EdDSA (Ed25519 — Recommended)

import { SignJWT, jwtVerify, generateKeyPair } from 'jose'

// Generate Ed25519 key pair (do this once, then persist)
const { privateKey, publicKey } = await generateKeyPair('EdDSA', {
  crv: 'Ed25519',
})

// Sign
const token = await new SignJWT({ sub: 'user_123', scope: 'read write' })
  .setProtectedHeader({ alg: 'EdDSA', kid: 'ed25519-key-1' })
  .setIssuedAt()
  .setExpirationTime('1h')
  .sign(privateKey)

// Verify
const { payload } = await jwtVerify(token, publicKey, {
  algorithms: ['EdDSA'],
})

// Sign arbitrary (non-JWT) payload with CompactSign
import { CompactSign } from 'jose'

const data = new TextEncoder().encode(JSON.stringify({ event: 'order.created', id: 'ord_42' }))
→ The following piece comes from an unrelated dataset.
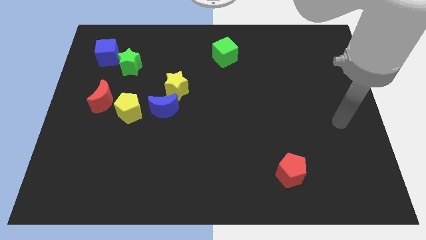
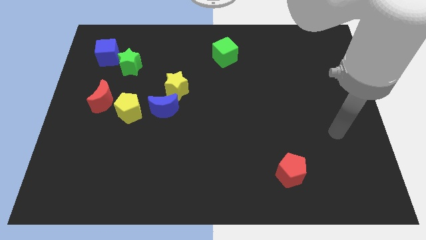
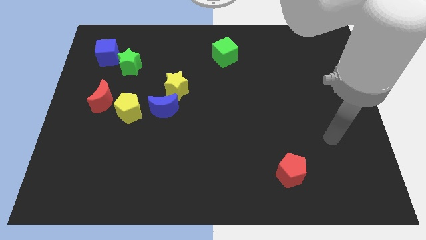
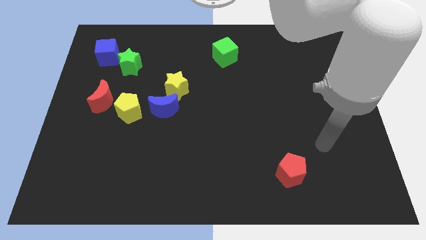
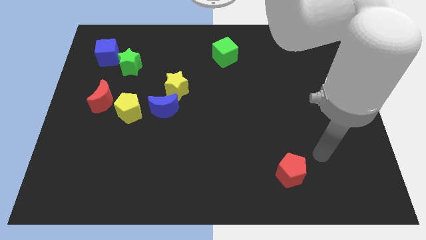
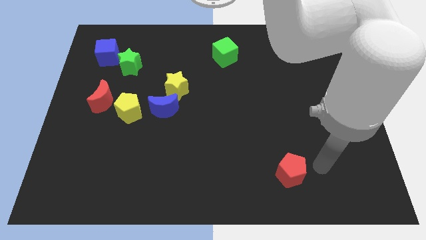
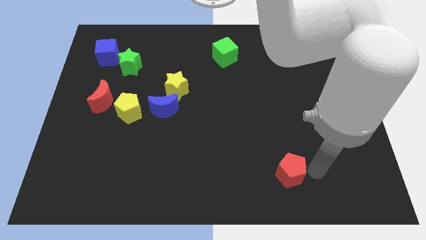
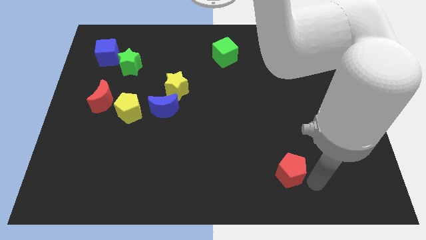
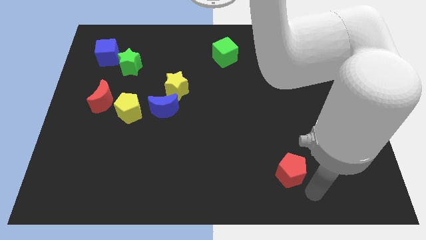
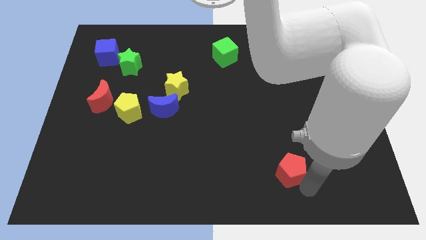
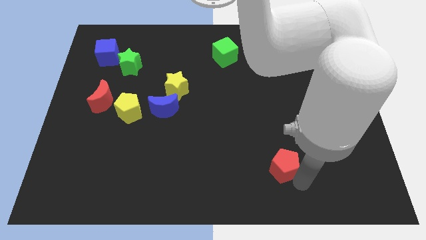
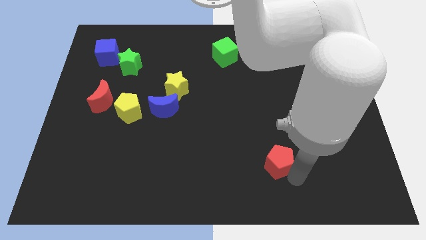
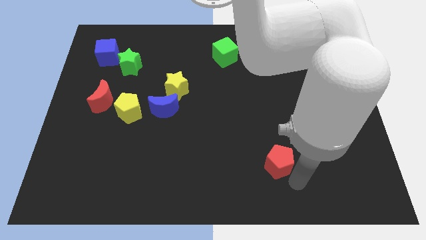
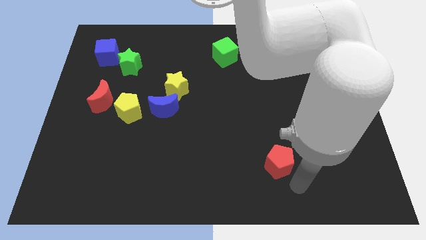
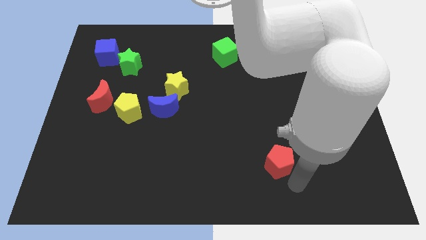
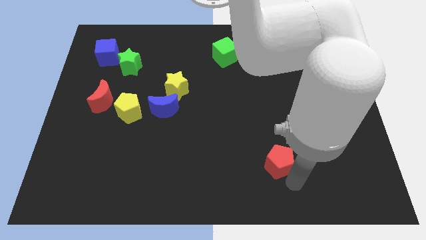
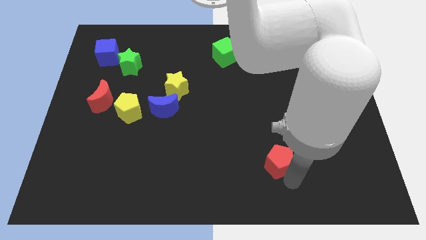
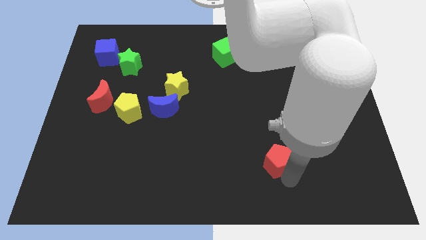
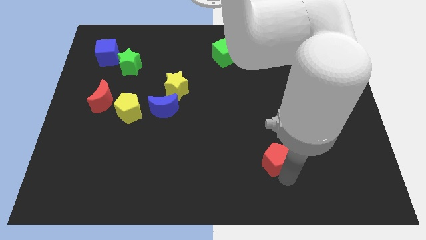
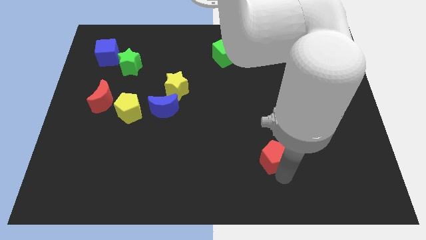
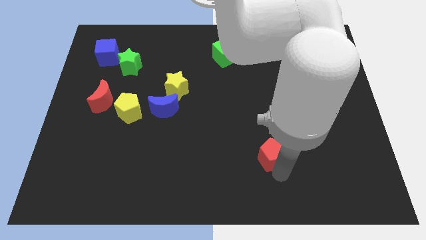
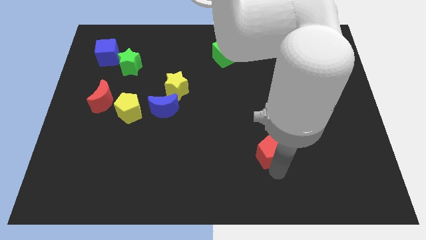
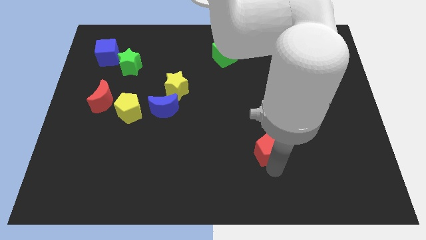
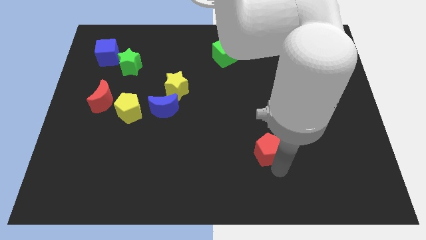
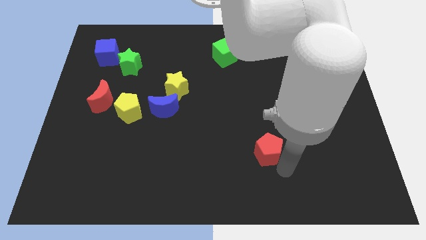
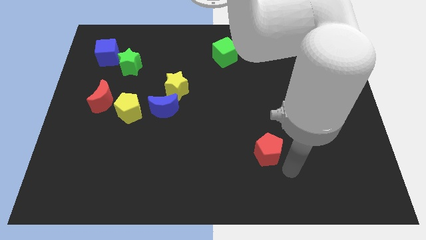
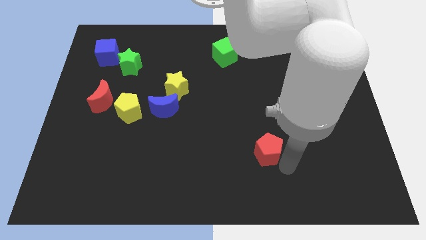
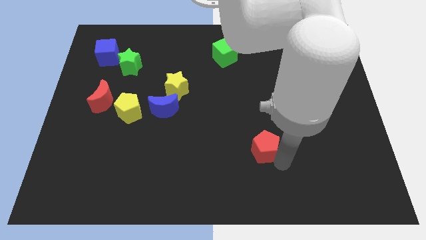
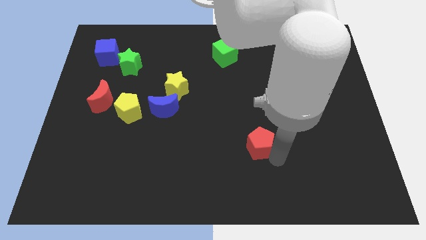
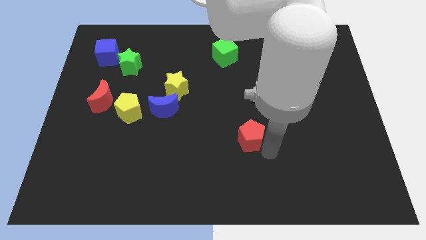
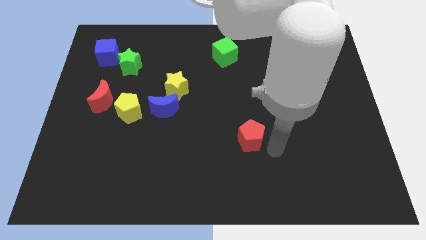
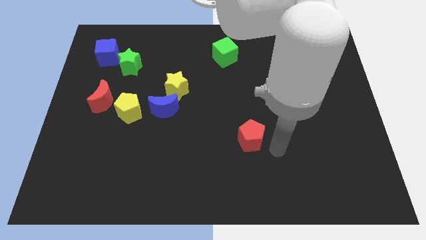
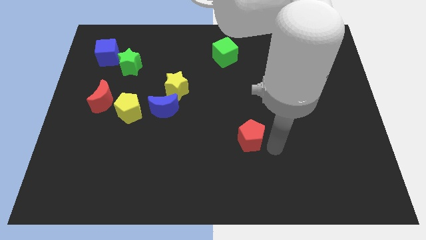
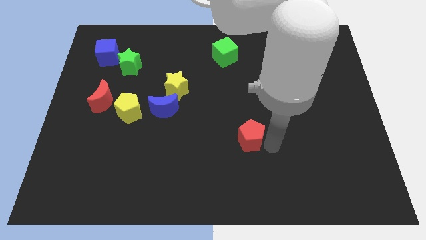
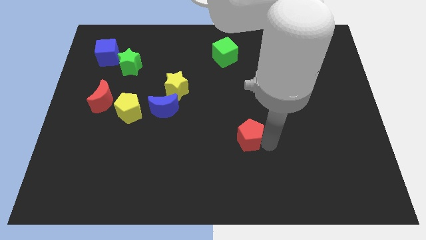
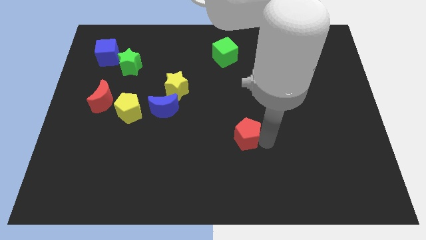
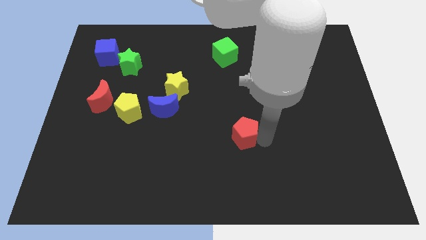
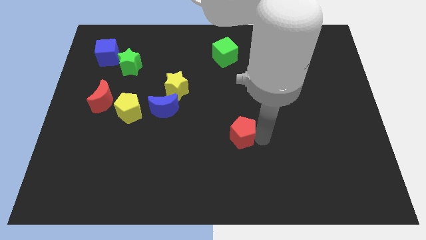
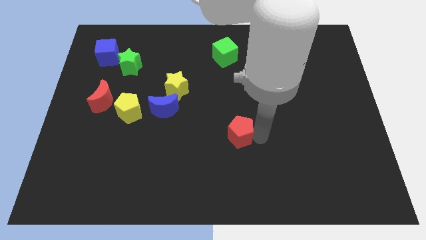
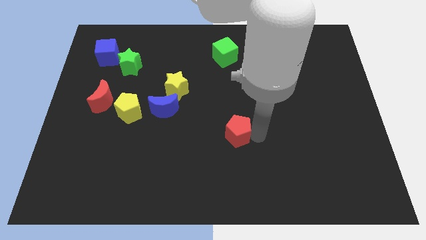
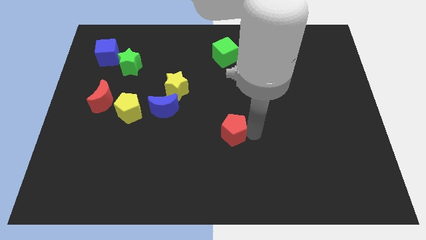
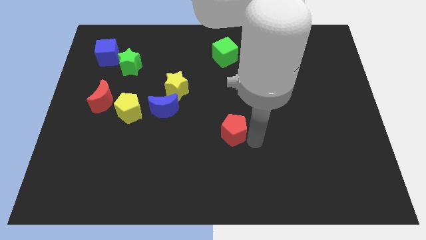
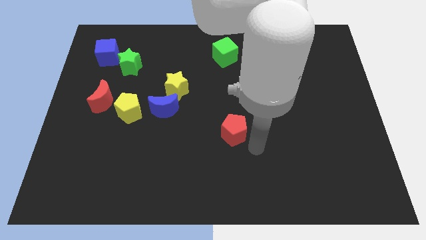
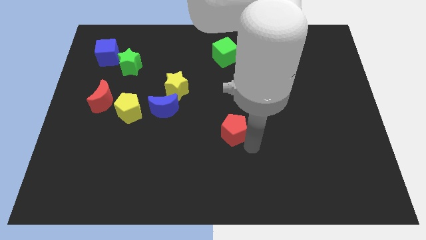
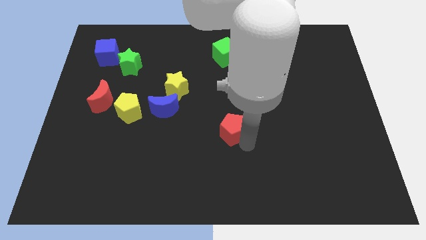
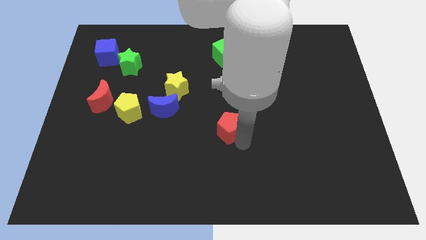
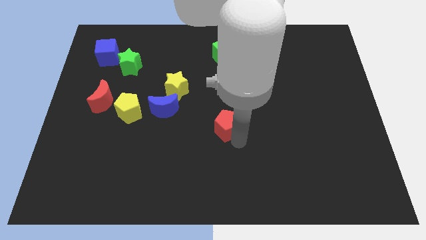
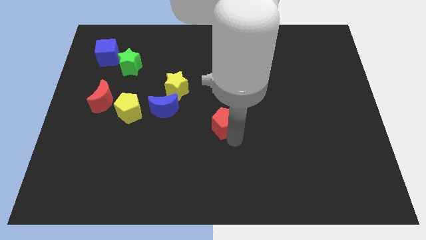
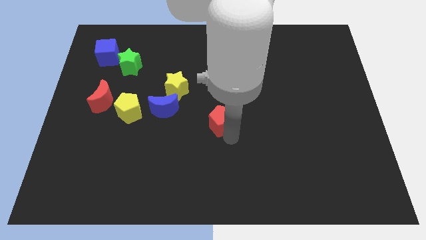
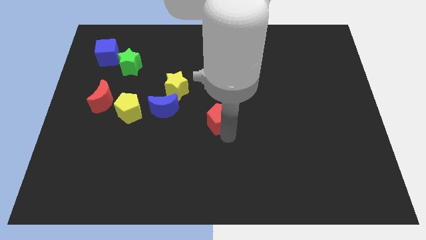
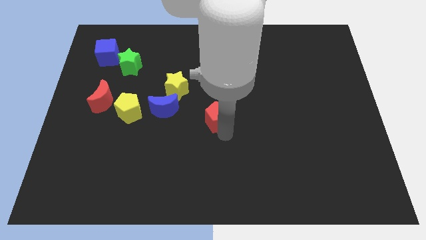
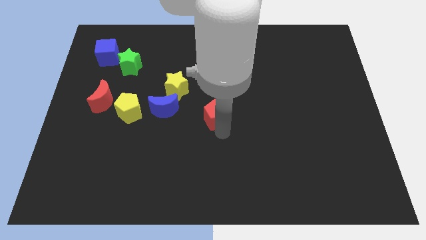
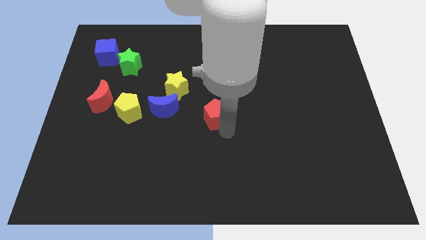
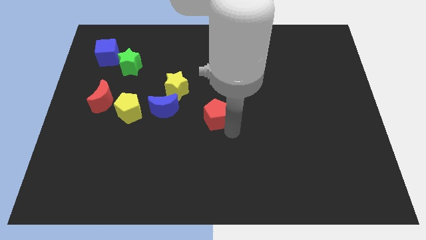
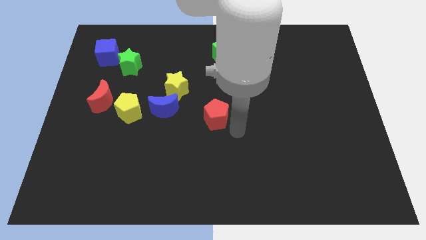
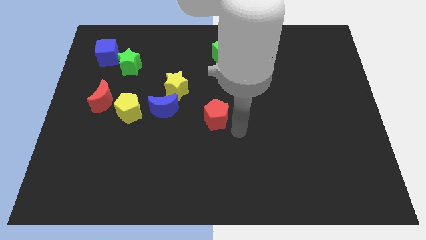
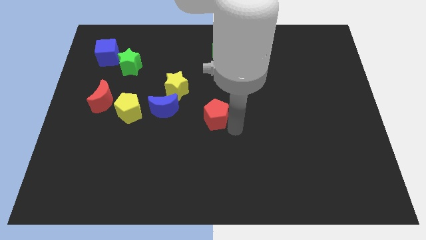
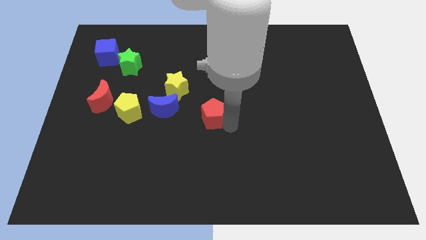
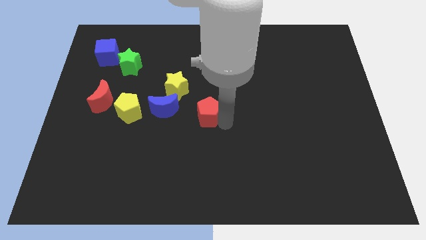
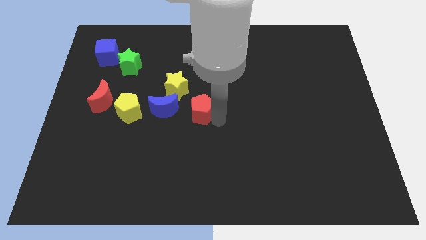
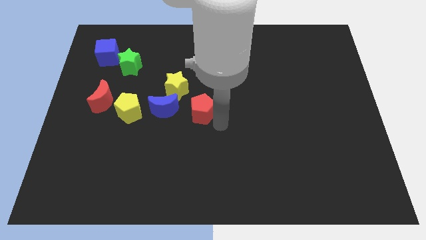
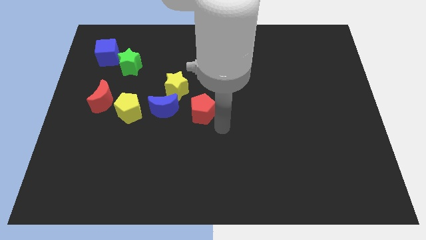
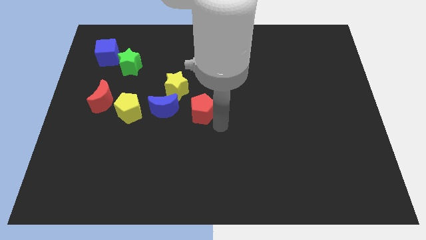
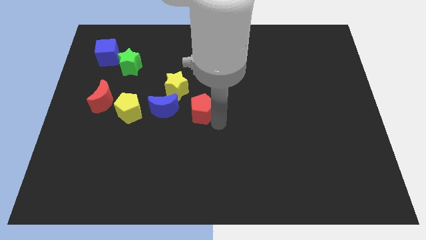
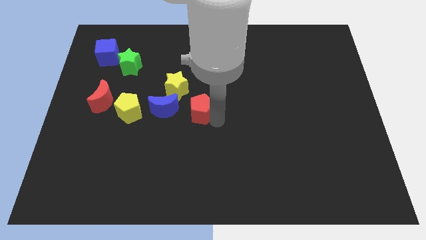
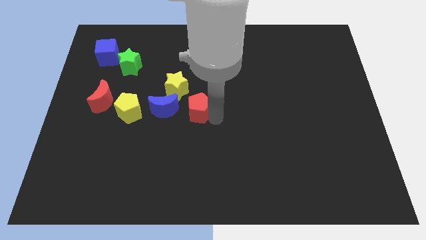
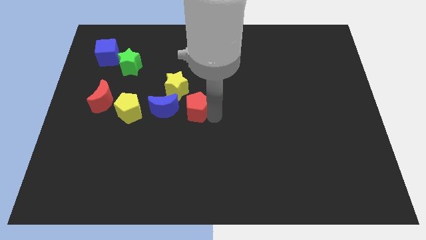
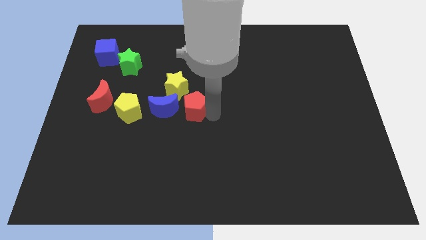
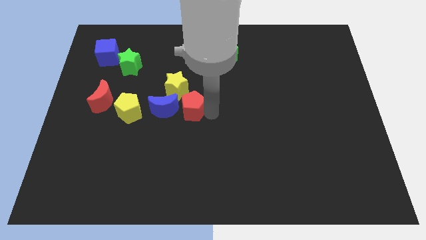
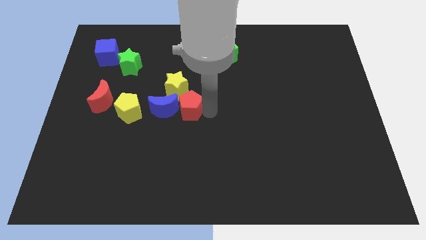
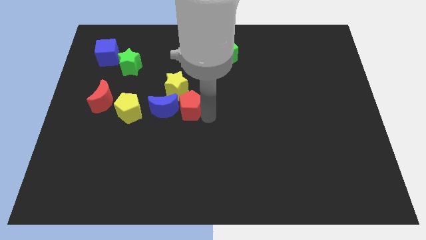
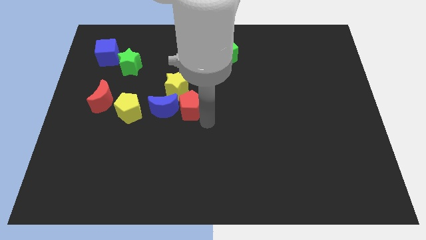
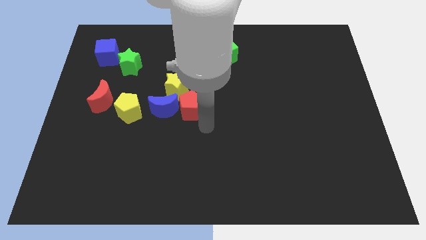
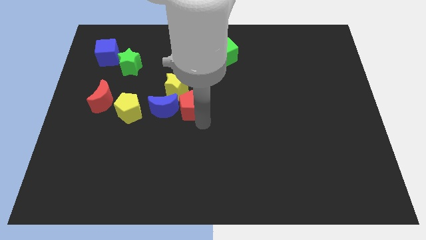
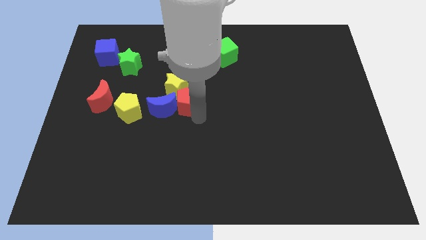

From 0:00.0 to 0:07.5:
move the red pentagon close to the yellow star

const jws = await new CompactSign(data)
  .setProtectedHeader({ alg: 'EdDSA' })
  .sign(privateKey)

// Verify arbitrary JWS
import { compactVerify } from 'jose'

const { payload: rawBytes } = await compactVerify(jws, publicKey, {
  algorithms: ['EdDSA'],
})
const event = JSON.parse(new TextDecoder().decode(rawBytes))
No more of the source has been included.